In this vein, Iran appears to be trying to elevate and redefine its role in Syria and assume the role of an honest broker between the various sides. In other words, one of the main goals Tehran now pursues is to add more diplomatic elements to its influence in Syria, which now mostly consists of military and security aspects. In fact, the Iranian president’s reference to the Adana Agreement and Kurdish rights at the same time means that Iran also wants to prevent a clash between Ankara and the Kurds, i.e., indirectly mediating between these two sides as well. However, the main element of this whole set of mediations is to revive Assad’s rule over all parts of Syria.
The Syrian issue aside, another aspect of Iran’s approach toward the Sochi summit was to use the event as a counterbalance to Washington’s “maximum pressure” campaign against the Islamic Republic. On the same day as Rouhani and his Russian and Turkish counterparts were talking in Sochi, the Polish capital of Warsaw hosted a US-initiated conference titled Peace and Security in the Middle East.
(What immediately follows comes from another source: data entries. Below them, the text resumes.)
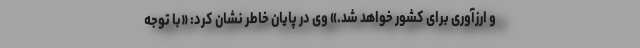
و ارزآوری برای کشور خواهد شد.» وی در پایان خاطر نشان کرد: «با توجه
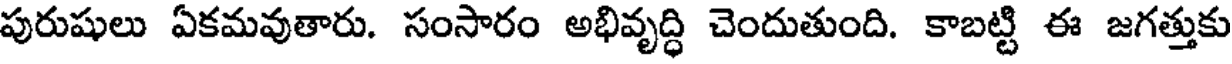
పురుషులు ఏకమవుతారు. సంసారం అభివృద్ధి చెందుతుంది. కాబట్టి ఈ జగత్తుకు
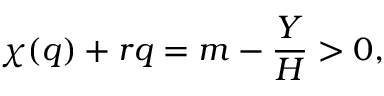
\chi ( q ) + r q = m - \frac { Y } { H } > 0 ,
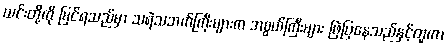
ယင်းတို့ကို မြင်ရသည်မှာ သရဲသဘက်ကြီးများက အစွယ်ကြီးများ ဖြဲပြနေသည်နှင့်တူကာ
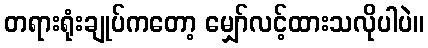
တရားရုံးချုပ်ကတော့ မျှော်လင့်ထားသလိုပါပဲ။
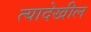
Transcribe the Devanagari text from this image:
त्यादेखील
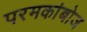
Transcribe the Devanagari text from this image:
परमकांबोज

The conference, attended by a number of officials from the Middle East and Europe, was seen as an attempt by the United States to isolate Iran and garner support for the American policy of increasing pressures on Tehran.
While the Warsaw meeting received a cold welcome from Washington’s main European allies over their disagreements with the United States on the Iranian nuclear issue, Tehran wanted to promote the trilateral summit in Sochi as a real and effective contribution to peace and security in the region. In this vein, Iranian Ambassador to Russia Mehdi Sanaei tweeted that the Sochi summit “shows the importance of regional and Eastern cooperation in creating peace and stability,” adding that “external and American plans, like what’s going on in Warsaw, has so far resulted in nothing but instability and the spread of terrorism.”
Finally, Rouhani’s presence in Sochi was also aimed at finding new ways for Iran to continue international economic interactions despite US sanctions. In this vein, Iran wants to expand the scope of its ties with Russia and Turkey beyond Syria so that it could cover other aspects of cooperation — especially the economic aspect. It seems that Tehran’s view is shared by Moscow and Ankara, as the final statement of the Sochi summit calls for boosting “joint economic and commercial cooperation” between the three sides.
Indeed, in the bilateral talks between Rouhani and his Turkish counterpart, Recep Tayyip Erdogan, on the sidelines of the summit, the Turkish side expressed readiness to join the recently introduced European special mechanism for financial interactions with Iran, called the Instrument in Support of Trade Exchanges (INSTEX), and to develop a bilateral equivalent. Furthermore, at the end of the summit in Sochi, the three presidents held an unofficial meeting with Belarussian President Alexander Lukashenko. Although no details were published on the exact agenda of that meeting, given the fact that Russia and Belarus are two founding members of the Eurasian Economic Union and Iran is in the process of joining the union, the discussions were most probably focused on regional trade and economic cooperation.
In sum, Iran sees the trilateral Astana format as a useful and functional framework not only for preserving its role in the political process regarding the Syrian conflict, but also to achieve new spaces for political and economic maneuvering despite Washington’s increasing pressures.